Okay it's time for to stop lurking and come out to say that I too have begun my journey to being natural. My last relaxer was in december putting me at 4 months post. I've already gained tons of knowledge from you ladies.

I hope to transtion for 2 years trimming occasionally til I'm completely natural


----------



## c0urtkneee

Platinum said:


> 50 weeks post!:superbanana: I've been baggying under hats and cowashing every other day lately. I like applying my condish and DC like a relaxer. I'm really enjoying my transition, I wish I made this decision sooner. I can't wait to rock a 'fro but I'm happy that I'm retaining length. I like seeing the BC pics and threads, I still don't plan to chop anytime soon.


 
congrats on 50 weeks!


----------



## c0urtkneee

Just curious, what styles are you ladies going to be doing since it's getting warmer? My braidouts aren't looking as good as they used to , so I`m just looking for some ideas. :]


----------



## MyAngelEyez~C~U

c0urtkneee said:


> Just curious, what styles are you ladies going to be doing since it's getting warmer? My braidouts aren't looking as good as they used to , so I`m just looking for some ideas. :]

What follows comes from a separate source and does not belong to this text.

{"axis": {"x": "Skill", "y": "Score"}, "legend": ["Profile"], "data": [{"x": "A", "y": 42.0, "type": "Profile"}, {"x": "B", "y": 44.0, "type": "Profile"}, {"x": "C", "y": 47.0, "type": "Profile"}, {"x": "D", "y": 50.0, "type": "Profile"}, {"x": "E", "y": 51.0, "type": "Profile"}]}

I've just been co-washing and bunning for the last couple of weeks. I tie my hair up to smooth my edges n make my waves, lol.


----------



## Foxglove

Congratulations to all the recent BCers! How is everybody else coming along?


----------



## MyAngelEyez~C~U

CaliDiamond said:


> Your hair looks beautiful andromeda!! *I can't wait until that's me...*



I second that! Congrats!


----------



## fivetimestwo

MyAngelEyez~C~U said:


> I've just been co-washing and bunning for the last couple of weeks. I tie my hair up to smooth my edges n make my waves, lol.

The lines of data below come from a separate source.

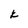
Character: k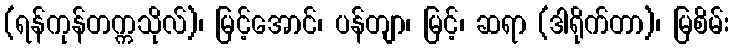
(ရန်ကုန်တက္ကသိုလ်)၊ မြင့်အောင်၊ ပန်တျာ၊ မြင့်၊ ဆရာ (ဒါရိုက်တာ)၊ မြစိမ်း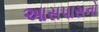
આસપાસનો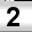
Digit: 2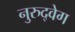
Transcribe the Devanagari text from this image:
नुरुद्वेग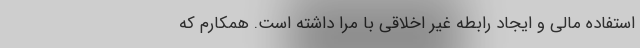
استفاده مالی و ایجاد رابطه غیر اخلاقی با مرا داشته است. همکارم که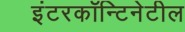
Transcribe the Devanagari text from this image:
इंटरकॉन्टिनेटील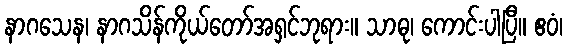
နာဂသေန၊ နာဂသိန်ကိုယ်တော်အရှင်ဘုရား။ သာဓု၊ ကောင်းပါပြီ။ ဧဝံ၊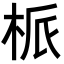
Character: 㭛

this is exactly what I've been doing since it's getting warmer. I still wear my half wigs from time to time but I feel like it's getting too hot for all that...I am on the lookout for some cute styles I can do with these two textures. My only problem is my natural hair really isn't thick either so most styles just look puny on my hair


----------



## MyAngelEyez~C~U

curvycurly78 said:


> this is exactly what I've been doing since it's getting warmer. I still wear my half wigs from time to time but I feel like it's getting too hot for all that...I am on the lookout for some cute styles I can do with these two textures. My only problem is my natural hair really isn't thick either so most styles just look puny on my hair



I've been looking for a phony pony puff, lol. Problem is, my hair is dyed auburn, and it's hard to match. I'm thinking of trying to make one.


----------



## vainღ♥♡jane

StephElise said:


> Ok so I have a question for the new BCer's. Does it seem like since you have removed your relaxed ends, that now your hair appears to be more manageable?  Does it detangle easier since you no longer have the relaxed ends wrapping around itself?  Is your styling easier since your don't NEED to wrap or roll the ends of your hair to get a curl. I know all heads are different, but I was just curious as to your experiences.

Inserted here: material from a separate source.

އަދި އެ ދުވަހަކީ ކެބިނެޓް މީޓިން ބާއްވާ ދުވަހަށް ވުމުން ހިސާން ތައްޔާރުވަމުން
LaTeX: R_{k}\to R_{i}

detangling is a dream now that the relaxed ends are gone. i was at my wits end with detangling when i did the bc. ♥


----------



## Black Hoya Chick

update! (which made me able to change my siggy length)


----------



## LadyRaider

This is my 1 year anniversary of the week I got my hair evened out after years of not knowing what to do with it. One side was waaaay longer than the other. I went to the salon to get it cut, and wouldn't let the lady do the 2 inch difference on the sides. But then I got home and did it myself.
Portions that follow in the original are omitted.